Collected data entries
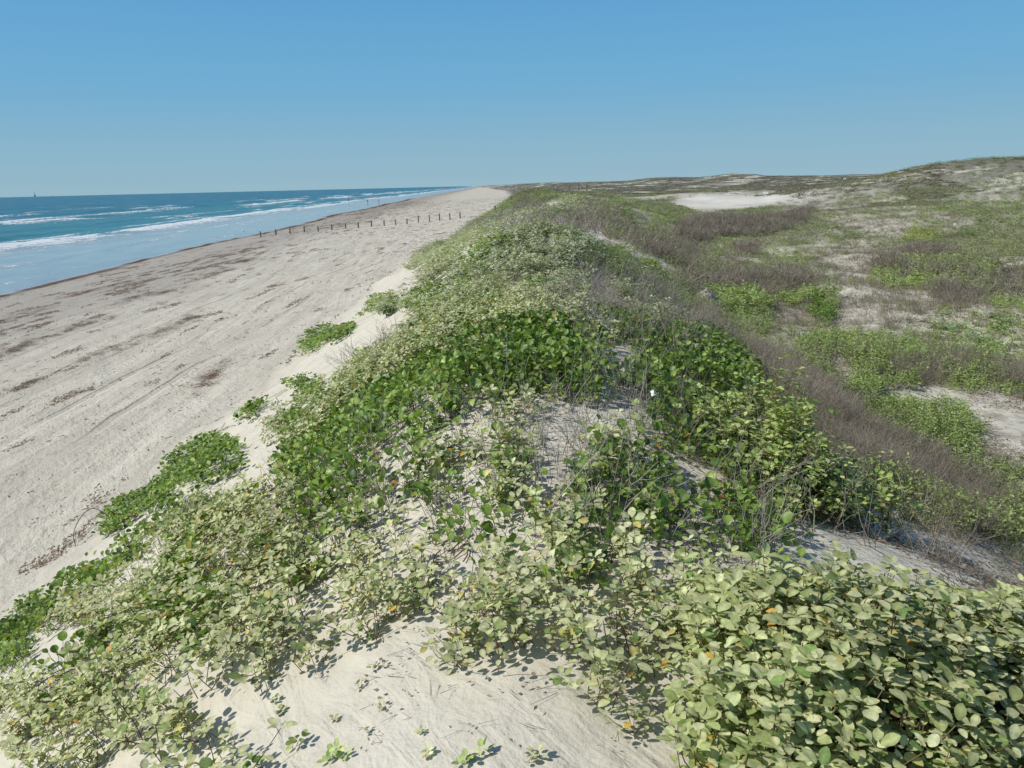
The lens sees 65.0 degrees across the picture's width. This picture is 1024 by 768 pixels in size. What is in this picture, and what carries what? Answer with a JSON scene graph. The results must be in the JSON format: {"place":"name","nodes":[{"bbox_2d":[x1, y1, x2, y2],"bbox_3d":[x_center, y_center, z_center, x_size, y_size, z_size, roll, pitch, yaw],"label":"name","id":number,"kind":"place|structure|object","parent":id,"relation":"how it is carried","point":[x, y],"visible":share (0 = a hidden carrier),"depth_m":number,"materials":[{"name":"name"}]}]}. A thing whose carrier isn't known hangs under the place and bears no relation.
{"place":"outdoors","nodes":[
{"label":"outdoors","id":0,"kind":"place"},
{"bbox_2d":[0,186,475,295],"bbox_3d":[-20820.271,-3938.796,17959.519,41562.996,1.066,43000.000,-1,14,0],"label":"sea","id":1,"kind":"structure","parent":0,"point":[45,239],"depth_m":161.84,"materials":[{"name":"liquid"}]},
{"bbox_2d":[0,158,1023,767],"bbox_3d":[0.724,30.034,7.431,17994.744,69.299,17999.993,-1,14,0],"label":"ground","id":2,"kind":"structure","parent":0,"point":[574,732],"depth_m":9.00,"materials":[{"name":"beige sand"}]},
{"bbox_2d":[0,314,36,322],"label":"seaweed clump","id":3,"kind":"object","parent":2,"relation":"on","point":[11,318],"visible":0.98,"depth_m":33.81,"materials":[{"name":"brown plant"}]},
{"bbox_2d":[0,618,39,674],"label":"morning glory","id":4,"kind":"object","parent":2,"relation":"on","point":[13,642],"visible":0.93,"depth_m":5.96,"materials":[{"name":"green plant"}]},
{"bbox_2d":[0,667,40,736],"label":"silverleaf plant","id":5,"kind":"object","parent":2,"relation":"on","point":[10,685],"visible":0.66,"depth_m":4.26,"materials":[{"name":"green plant"}]},
{"bbox_2d":[1,375,43,396],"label":"seaweed clump","id":6,"kind":"object","parent":2,"relation":"on","point":[21,385],"visible":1,"depth_m":19.94,"materials":[{"name":"brown plant"}]},
{"bbox_2d":[11,333,52,348],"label":"seaweed clump","id":7,"kind":"object","parent":2,"relation":"on","point":[33,339],"visible":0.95,"depth_m":27.79,"materials":[{"name":"brown plant"}]},
{"bbox_2d":[0,334,65,357],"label":"seaweed clump","id":8,"kind":"object","parent":2,"relation":"on","point":[19,347],"visible":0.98,"depth_m":26.12,"materials":[{"name":"brown plant"}]},
{"bbox_2d":[0,583,78,639],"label":"morning glory","id":9,"kind":"object","parent":2,"relation":"on","point":[32,615],"visible":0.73,"depth_m":6.85,"materials":[{"name":"green plant"}]},
{"bbox_2d":[3,631,90,687],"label":"shrub","id":10,"kind":"object","parent":2,"relation":"on","point":[62,635],"visible":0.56,"depth_m":4.65,"materials":[{"name":"green plant"}]},
{"bbox_2d":[43,321,88,339],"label":"seaweed clump","id":11,"kind":"object","parent":2,"relation":"on","point":[69,329],"visible":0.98,"depth_m":29.14,"materials":[{"name":"brown plant"}]},
{"bbox_2d":[34,574,115,635],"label":"silverleaf plant","id":12,"kind":"object","parent":2,"relation":"on","point":[85,600],"visible":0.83,"depth_m":5.71,"materials":[{"name":"green plant"}]},
{"bbox_2d":[52,312,105,333],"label":"seaweed clump","id":13,"kind":"object","parent":2,"relation":"on","point":[85,323],"visible":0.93,"depth_m":30.91,"materials":[{"name":"brown plant"}]},
{"bbox_2d":[53,286,111,299],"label":"seaweed clump","id":14,"kind":"object","parent":2,"relation":"on","point":[76,293],"visible":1,"depth_m":43.06,"materials":[{"name":"brown plant"}]},
{"bbox_2d":[46,550,121,597],"bbox_3d":[-3.787,1.690,7.243,0.603,0.826,2.257,-14,19,-42],"label":"morning glory","id":15,"kind":"object","parent":2,"relation":"on","point":[92,568],"visible":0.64,"depth_m":7.41,"materials":[{"name":"green plant"}]},
{"bbox_2d":[73,508,106,545],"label":"bare stem","id":16,"kind":"object","parent":2,"relation":"on","point":[78,521],"visible":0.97,"depth_m":9.46,"materials":[{"name":"grey plant"}]},
{"bbox_2d":[46,325,159,374],"bbox_3d":[-12.156,-1.068,24.354,2.025,0.262,9.166,-1,14,0],"label":"seaweed clump","id":17,"kind":"object","parent":2,"relation":"on","point":[115,348],"visible":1,"depth_m":24.15,"materials":[{"name":"brown plant"}]},
{"bbox_2d":[82,278,138,292],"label":"seaweed clump","id":18,"kind":"object","parent":2,"relation":"on","point":[117,283],"visible":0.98,"depth_m":47.05,"materials":[{"name":"brown plant"}]},
{"bbox_2d":[97,312,123,322],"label":"seaweed clump","id":19,"kind":"object","parent":2,"relation":"on","point":[109,317],"visible":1,"depth_m":31.76,"materials":[{"name":"brown plant"}]},
{"bbox_2d":[101,530,154,564],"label":"morning glory","id":20,"kind":"object","parent":2,"relation":"on","point":[131,548],"visible":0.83,"depth_m":6.92,"materials":[{"name":"green plant"}]},
{"bbox_2d":[103,290,155,309],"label":"seaweed clump","id":21,"kind":"object","parent":2,"relation":"on","point":[133,297],"visible":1,"depth_m":38.59,"materials":[{"name":"brown plant"}]},
{"bbox_2d":[109,508,163,547],"bbox_3d":[-3.698,1.437,7.820,0.898,0.520,0.493,9,17,36],"label":"morning glory","id":22,"kind":"object","parent":2,"relation":"on","point":[143,523],"visible":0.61,"depth_m":7.77,"materials":[{"name":"green plant"}]},
{"bbox_2d":[91,474,185,535],"bbox_3d":[-4.420,1.357,9.381,0.958,1.102,3.484,-9,16,-28],"label":"morning glory","id":23,"kind":"object","parent":2,"relation":"on","point":[150,494],"visible":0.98,"depth_m":9.23,"materials":[{"name":"green plant"}]},
{"bbox_2d":[141,321,180,342],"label":"seaweed clump","id":24,"kind":"object","parent":2,"relation":"on","point":[160,331],"visible":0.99,"depth_m":27.23,"materials":[{"name":"brown plant"}]},
{"bbox_2d":[149,488,201,528],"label":"morning glory","id":25,"kind":"object","parent":2,"relation":"on","point":[168,509],"visible":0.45,"depth_m":7.65,"materials":[{"name":"green plant"}]},
{"bbox_2d":[150,284,202,296],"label":"seaweed clump","id":26,"kind":"object","parent":2,"relation":"on","point":[167,290],"visible":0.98,"depth_m":40.46,"materials":[{"name":"brown plant"}]},
{"bbox_2d":[165,315,193,325],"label":"seaweed clump","id":27,"kind":"object","parent":2,"relation":"on","point":[183,320],"visible":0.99,"depth_m":29.17,"materials":[{"name":"brown plant"}]},
{"bbox_2d":[177,307,215,320],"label":"seaweed clump","id":28,"kind":"object","parent":2,"relation":"on","point":[192,317],"visible":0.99,"depth_m":30.51,"materials":[{"name":"brown plant"}]},
{"bbox_2d":[146,428,250,493],"bbox_3d":[-3.818,0.979,10.030,1.246,1.411,4.774,-9,16,-28],"label":"morning glory","id":29,"kind":"object","parent":2,"relation":"on","point":[209,452],"visible":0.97,"depth_m":9.12,"materials":[{"name":"green plant"}]},
{"bbox_2d":[181,362,231,399],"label":"seaweed clump","id":30,"kind":"object","parent":2,"relation":"on","point":[207,382],"visible":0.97,"depth_m":18.24,"materials":[{"name":"brown plant"}]},
{"bbox_2d":[0,198,415,296],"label":"seaweed line","id":31,"kind":"object","parent":2,"relation":"on","point":[65,280],"visible":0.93,"depth_m":69.24,"materials":[{"name":"brown plant"}]},
{"bbox_2d":[189,358,234,384],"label":"seaweed clump","id":32,"kind":"object","parent":2,"relation":"on","point":[207,376],"visible":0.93,"depth_m":19.27,"materials":[{"name":"brown plant"}]},
{"bbox_2d":[188,268,235,280],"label":"seaweed clump","id":33,"kind":"object","parent":2,"relation":"on","point":[211,274],"visible":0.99,"depth_m":48.00,"materials":[{"name":"brown plant"}]},
{"bbox_2d":[190,423,235,443],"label":"morning glory","id":34,"kind":"object","parent":2,"relation":"on","point":[199,434],"visible":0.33,"depth_m":12.16,"materials":[{"name":"green plant"}]},
{"bbox_2d":[231,255,261,263],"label":"seaweed clump","id":35,"kind":"object","parent":2,"relation":"on","point":[240,260],"visible":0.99,"depth_m":58.04,"materials":[{"name":"brown plant"}]},
{"bbox_2d":[0,197,498,578],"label":"beach debris","id":36,"kind":"object","parent":2,"relation":"on","point":[40,562],"visible":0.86,"depth_m":35.09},
{"bbox_2d":[233,483,275,504],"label":"morning glory","id":37,"kind":"object","parent":2,"relation":"on","point":[251,490],"visible":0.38,"depth_m":6.13,"materials":[{"name":"green plant"}]},
{"bbox_2d":[227,513,302,571],"bbox_3d":[-1.417,0.956,4.692,0.361,0.387,0.962,-11,17,-33],"label":"morning glory","id":38,"kind":"object","parent":2,"relation":"on","point":[245,529],"visible":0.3,"depth_m":4.65,"materials":[{"name":"green plant"}]},
{"bbox_2d":[242,729,310,767],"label":"seedling","id":39,"kind":"object","parent":2,"relation":"on","point":[255,758],"visible":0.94,"depth_m":2.71,"materials":[{"name":"green plant"}]},
{"bbox_2d":[266,693,286,715],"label":"seedling","id":40,"kind":"object","parent":2,"relation":"on","point":[280,706],"visible":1,"depth_m":3.12,"materials":[{"name":"green plant"}]},
{"bbox_2d":[232,371,325,421],"bbox_3d":[-3.371,0.213,11.604,1.241,0.927,3.046,-8,15,-25],"label":"morning glory","id":41,"kind":"object","parent":2,"relation":"on","point":[254,405],"visible":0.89,"depth_m":11.71,"materials":[{"name":"green plant"}]},
{"bbox_2d":[288,317,358,355],"bbox_3d":[-4.745,-1.294,19.703,1.544,1.456,8.988,-6,15,-17],"label":"morning glory","id":42,"kind":"object","parent":2,"relation":"on","point":[327,334],"visible":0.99,"depth_m":19.01,"materials":[{"name":"green plant"}]},
{"bbox_2d":[329,713,338,721],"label":"seedling","id":43,"kind":"object","parent":2,"relation":"on","point":[331,716],"visible":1,"depth_m":2.82,"materials":[{"name":"green plant"}]},
{"bbox_2d":[316,738,351,762],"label":"seedling","id":44,"kind":"object","parent":2,"relation":"on","point":[336,753],"visible":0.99,"depth_m":2.53,"materials":[{"name":"green plant"}]},
{"bbox_2d":[305,568,385,647],"bbox_3d":[-0.662,0.902,3.256,0.345,0.313,0.293,-9,16,-27],"label":"silverleaf plant","id":45,"kind":"object","parent":2,"relation":"on","point":[359,627],"visible":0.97,"depth_m":3.26,"materials":[{"name":"green plant"}]},
{"bbox_2d":[0,192,739,767],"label":"silverleaf cover","id":46,"kind":"object","parent":2,"relation":"on","point":[230,520],"visible":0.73,"depth_m":3.77,"materials":[{"name":"green plant"}]},
{"bbox_2d":[354,660,388,690],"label":"seedling","id":47,"kind":"object","parent":2,"relation":"on","point":[374,666],"visible":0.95,"depth_m":3.00,"materials":[{"name":"green plant"}]},
{"bbox_2d":[355,292,400,315],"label":"morning glory","id":48,"kind":"object","parent":2,"relation":"on","point":[366,309],"visible":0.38,"depth_m":19.17,"materials":[{"name":"green plant"}]},
{"bbox_2d":[376,696,385,710],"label":"seedling","id":49,"kind":"object","parent":2,"relation":"on","point":[378,705],"visible":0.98,"depth_m":2.75,"materials":[{"name":"green plant"}]},
{"bbox_2d":[307,550,459,614],"bbox_3d":[-0.602,0.879,3.495,0.711,0.253,0.304,4,15,20],"label":"silverleaf plant","id":50,"kind":"object","parent":2,"relation":"on","point":[376,582],"visible":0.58,"depth_m":3.52,"materials":[{"name":"green plant"}]},
{"bbox_2d":[413,724,426,732],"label":"seedling","id":51,"kind":"object","parent":2,"relation":"on","point":[418,729],"visible":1,"depth_m":2.53,"materials":[{"name":"green plant"}]},
{"bbox_2d":[0,342,840,767],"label":"litter","id":52,"kind":"object","parent":2,"relation":"on","point":[500,552],"visible":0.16,"depth_m":3.75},
{"bbox_2d":[420,741,434,757],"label":"seedling","id":53,"kind":"object","parent":2,"relation":"on","point":[426,748],"visible":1,"depth_m":2.40,"materials":[{"name":"green plant"}]},
{"bbox_2d":[37,208,842,709],"bbox_3d":[1.758,-2.687,18.200,6.094,2.084,30.930,1,14,10],"label":"morning glory cover","id":54,"kind":"object","parent":2,"relation":"on","point":[547,346],"visible":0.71,"depth_m":5.19,"materials":[{"name":"green plant"}]},
{"bbox_2d":[651,390,658,397],"bbox_3d":[0.930,0.062,5.214,0.058,0.042,0.052,0,-26,-18],"label":"paper scrap","id":55,"kind":"object","parent":54,"relation":"on","point":[652,393],"visible":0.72,"depth_m":5.20,"materials":[{"name":"white paper"}]},
{"bbox_2d":[432,506,475,562],"bbox_3d":[-0.274,0.677,3.733,0.214,0.217,0.374,-1,14,0],"label":"morning glory","id":56,"kind":"object","parent":2,"relation":"on","point":[450,521],"visible":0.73,"depth_m":3.73,"materials":[{"name":"green plant"}]},
{"bbox_2d":[451,736,493,764],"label":"seedling","id":57,"kind":"object","parent":2,"relation":"on","point":[481,743],"visible":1,"depth_m":2.33,"materials":[{"name":"green plant"}]},
{"bbox_2d":[484,236,586,282],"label":"silverleaf bush","id":58,"kind":"object","parent":2,"relation":"on","point":[545,258],"visible":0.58,"depth_m":12.46,"materials":[{"name":"green plant"}]},
{"bbox_2d":[525,742,547,762],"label":"seedling","id":59,"kind":"object","parent":2,"relation":"on","point":[534,758],"visible":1,"depth_m":2.31,"materials":[{"name":"green plant"}]},
{"bbox_2d":[479,186,626,217],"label":"dune shrub","id":60,"kind":"object","parent":2,"relation":"on","point":[523,196],"visible":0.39,"depth_m":93.23,"materials":[{"name":"green plant"}]},
{"bbox_2d":[561,193,643,236],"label":"dune shrub","id":61,"kind":"object","parent":2,"relation":"on","point":[627,205],"visible":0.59,"depth_m":32.05,"materials":[{"name":"green plant"}]},
{"bbox_2d":[577,231,639,275],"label":"dune shrub","id":62,"kind":"object","parent":2,"relation":"on","point":[621,250],"visible":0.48,"depth_m":14.50,"materials":[{"name":"green plant"}]},
{"bbox_2d":[248,194,992,581],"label":"dead twigs","id":63,"kind":"object","parent":2,"relation":"on","point":[610,304],"visible":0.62,"depth_m":4.76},
{"bbox_2d":[599,217,725,257],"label":"dune shrub","id":64,"kind":"object","parent":2,"relation":"on","point":[671,241],"visible":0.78,"depth_m":26.16,"materials":[{"name":"green plant"}]},
{"bbox_2d":[648,239,686,258],"bbox_3d":[4.496,-3.871,23.143,1.322,0.649,4.657,2,14,14],"label":"dry brush","id":65,"kind":"object","parent":2,"relation":"on","point":[664,251],"visible":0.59,"depth_m":22.09,"materials":[{"name":"brown plant"}]},
{"bbox_2d":[637,240,757,296],"bbox_3d":[5.141,-3.329,22.177,2.910,1.287,11.963,4,15,21],"label":"dune shrub","id":66,"kind":"object","parent":2,"relation":"on","point":[709,263],"visible":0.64,"depth_m":21.26,"materials":[{"name":"green plant"}]},
{"bbox_2d":[694,288,716,303],"bbox_3d":[4.267,-1.916,17.805,0.572,0.445,0.445,-1,14,0],"label":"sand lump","id":67,"kind":"object","parent":2,"relation":"on","point":[712,295],"visible":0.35,"depth_m":17.68,"materials":[{"name":"beige sand"}]},
{"bbox_2d":[679,299,739,338],"bbox_3d":[3.188,-1.122,12.967,1.128,1.176,7.015,3,15,18],"label":"dry brush","id":68,"kind":"object","parent":2,"relation":"on","point":[716,314],"visible":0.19,"depth_m":13.51,"materials":[{"name":"brown plant"}]},
{"bbox_2d":[404,156,1023,260],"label":"ridge scrub","id":69,"kind":"object","parent":2,"relation":"on","point":[832,233],"visible":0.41,"depth_m":57.46,"materials":[{"name":"green plant"}]},
{"bbox_2d":[698,289,733,315],"bbox_3d":[3.950,-1.592,15.758,0.708,0.429,1.587,5,15,23],"label":"dry brush","id":70,"kind":"object","parent":2,"relation":"on","point":[712,305],"visible":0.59,"depth_m":15.77,"materials":[{"name":"brown plant"}]},
{"bbox_2d":[695,277,779,316],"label":"dune shrub","id":71,"kind":"object","parent":2,"relation":"on","point":[727,293],"visible":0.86,"depth_m":18.05,"materials":[{"name":"green plant"}]},
{"bbox_2d":[722,236,767,256],"bbox_3d":[8.890,-5.174,30.425,1.926,0.697,4.377,2,14,14],"label":"dry brush","id":72,"kind":"object","parent":2,"relation":"on","point":[748,247],"visible":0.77,"depth_m":30.53,"materials":[{"name":"brown plant"}]},
{"bbox_2d":[668,203,827,239],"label":"dry brush","id":73,"kind":"object","parent":2,"relation":"on","point":[725,223],"visible":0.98,"depth_m":41.13,"materials":[{"name":"brown plant"}]},
{"bbox_2d":[681,258,827,298],"bbox_3d":[6.885,-3.026,22.029,3.221,0.962,6.045,10,18,39],"label":"dry brush","id":74,"kind":"object","parent":2,"relation":"on","point":[782,276],"visible":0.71,"depth_m":21.48,"materials":[{"name":"brown plant"}]},
{"bbox_2d":[494,157,1023,212],"bbox_3d":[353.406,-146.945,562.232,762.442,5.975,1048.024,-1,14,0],"label":"scrub","id":75,"kind":"object","parent":2,"relation":"on","point":[798,191],"visible":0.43,"depth_m":177.04,"materials":[{"name":"green plant"}]},
{"bbox_2d":[745,311,777,333],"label":"dune shrub","id":76,"kind":"object","parent":2,"relation":"on","point":[767,322],"visible":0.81,"depth_m":15.37,"materials":[{"name":"green plant"}]},
{"bbox_2d":[672,354,931,534],"bbox_3d":[1.647,0.357,4.811,1.157,0.924,1.590,-4,14,-9],"label":"silverleaf bush","id":77,"kind":"object","parent":2,"relation":"on","point":[783,447],"visible":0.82,"depth_m":4.51,"materials":[{"name":"green plant"}]},
{"bbox_2d":[594,161,1023,483],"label":"grey green plants","id":78,"kind":"object","parent":2,"relation":"on","point":[735,316],"visible":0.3,"depth_m":21.32,"materials":[{"name":"green plant"}]},
{"bbox_2d":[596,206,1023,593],"bbox_3d":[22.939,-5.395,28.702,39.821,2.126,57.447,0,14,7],"label":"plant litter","id":79,"kind":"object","parent":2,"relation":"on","point":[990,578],"visible":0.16,"depth_m":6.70,"materials":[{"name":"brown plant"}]},
{"bbox_2d":[599,187,1023,579],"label":"sparse grass","id":80,"kind":"structure","parent":2,"relation":"on","point":[905,309],"depth_m":18.19,"materials":[{"name":"green plant"}]},
{"bbox_2d":[601,162,1023,520],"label":"green plants","id":81,"kind":"object","parent":2,"relation":"on","point":[998,384],"visible":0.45,"depth_m":17.92,"materials":[{"name":"green plant"}]},
{"bbox_2d":[776,281,850,310],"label":"dune shrub","id":82,"kind":"object","parent":2,"relation":"on","point":[810,292],"visible":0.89,"depth_m":19.24,"materials":[{"name":"green plant"}]},
{"bbox_2d":[605,158,1023,527],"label":"sparse dry brush","id":83,"kind":"object","parent":2,"relation":"on","point":[870,301],"visible":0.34,"depth_m":22.52,"materials":[{"name":"brown plant"}]},
{"bbox_2d":[805,286,843,325],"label":"dune shrub","id":84,"kind":"object","parent":2,"relation":"on","point":[825,310],"visible":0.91,"depth_m":17.35,"materials":[{"name":"green plant"}]},
{"bbox_2d":[634,540,1023,767],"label":"silverleaf bush","id":85,"kind":"object","parent":2,"relation":"on","point":[801,666],"visible":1,"depth_m":2.25,"materials":[{"name":"green plant"}]},
{"bbox_2d":[752,313,933,394],"bbox_3d":[4.971,-0.543,12.213,2.752,0.747,5.493,4,15,20],"label":"dune shrub","id":86,"kind":"object","parent":2,"relation":"on","point":[822,338],"visible":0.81,"depth_m":12.30,"materials":[{"name":"green plant"}]},
{"bbox_2d":[722,326,1023,530],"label":"dry brush","id":87,"kind":"object","parent":2,"relation":"on","point":[838,397],"visible":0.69,"depth_m":7.39,"materials":[{"name":"brown plant"}]},
{"bbox_2d":[860,236,972,269],"bbox_3d":[13.005,-4.267,25.848,2.622,0.805,6.801,10,18,40],"label":"dry brush","id":88,"kind":"object","parent":2,"relation":"on","point":[911,248],"visible":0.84,"depth_m":25.80,"materials":[{"name":"brown plant"}]},
{"bbox_2d":[898,224,940,241],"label":"dune shrub","id":89,"kind":"object","parent":2,"relation":"on","point":[915,236],"visible":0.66,"depth_m":36.20,"materials":[{"name":"green plant"}]},
{"bbox_2d":[861,388,993,472],"bbox_3d":[4.699,0.387,9.070,1.378,0.568,3.298,4,15,21],"label":"dune shrub","id":90,"kind":"object","parent":2,"relation":"on","point":[954,422],"visible":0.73,"depth_m":9.03,"materials":[{"name":"green plant"}]},
{"bbox_2d":[847,447,1023,545],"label":"dune shrub","id":91,"kind":"object","parent":2,"relation":"on","point":[960,494],"visible":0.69,"depth_m":5.40,"materials":[{"name":"green plant"}]},
{"bbox_2d":[863,245,1023,299],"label":"dune shrub","id":92,"kind":"object","parent":2,"relation":"on","point":[922,274],"visible":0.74,"depth_m":22.16,"materials":[{"name":"green plant"}]},
{"bbox_2d":[873,465,1021,564],"bbox_3d":[2.785,0.845,5.096,2.326,0.827,0.766,-14,19,-42],"label":"dry brush","id":93,"kind":"object","parent":2,"relation":"on","point":[963,523],"visible":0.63,"depth_m":4.97,"materials":[{"name":"brown plant"}]},
{"bbox_2d":[876,339,1023,387],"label":"shrub","id":94,"kind":"object","parent":2,"relation":"on","point":[932,368],"visible":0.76,"depth_m":11.84,"materials":[{"name":"plant"}]},
{"bbox_2d":[916,273,997,305],"bbox_3d":[10.749,-2.349,19.476,1.888,0.580,4.285,3,15,18],"label":"dry brush","id":95,"kind":"object","parent":2,"relation":"on","point":[959,292],"visible":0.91,"depth_m":18.94,"materials":[{"name":"brown plant"}]},
{"bbox_2d":[905,338,1018,386],"bbox_3d":[7.424,-0.431,12.687,3.818,0.456,1.552,-13,18,-39],"label":"dune shrub","id":96,"kind":"object","parent":2,"relation":"on","point":[969,371],"visible":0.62,"depth_m":12.06,"materials":[{"name":"green plant"}]},
{"bbox_2d":[928,318,1007,345],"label":"dune shrub","id":97,"kind":"object","parent":2,"relation":"on","point":[965,331],"visible":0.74,"depth_m":14.77,"materials":[{"name":"green plant"}]},
{"bbox_2d":[947,435,1023,503],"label":"dune shrub","id":98,"kind":"object","parent":2,"relation":"on","point":[1001,467],"visible":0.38,"depth_m":7.70,"materials":[{"name":"green plant"}]},
{"bbox_2d":[979,309,1016,331],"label":"dune shrub","id":99,"kind":"object","parent":2,"relation":"on","point":[1005,321],"visible":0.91,"depth_m":15.49,"materials":[{"name":"green plant"}]},
{"bbox_2d":[0,0,1023,196],"label":"sky","id":100,"kind":"structure","parent":0,"point":[98,97],"materials":[{"name":"blue"}]}
]}

> [Activity]: Only the lines above that hold "bush" are wanted. Show every one of them.

> [Result for this exercise]:
{"bbox_2d":[484,236,586,282],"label":"silverleaf bush","id":58,"kind":"object","parent":2,"relation":"on","point":[545,258],"visible":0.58,"depth_m":12.46,"materials":[{"name":"green plant"}]},
{"bbox_2d":[672,354,931,534],"bbox_3d":[1.647,0.357,4.811,1.157,0.924,1.590,-4,14,-9],"label":"silverleaf bush","id":77,"kind":"object","parent":2,"relation":"on","point":[783,447],"visible":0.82,"depth_m":4.51,"materials":[{"name":"green plant"}]},
{"bbox_2d":[634,540,1023,767],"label":"silverleaf bush","id":85,"kind":"object","parent":2,"relation":"on","point":[801,666],"visible":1,"depth_m":2.25,"materials":[{"name":"green plant"}]},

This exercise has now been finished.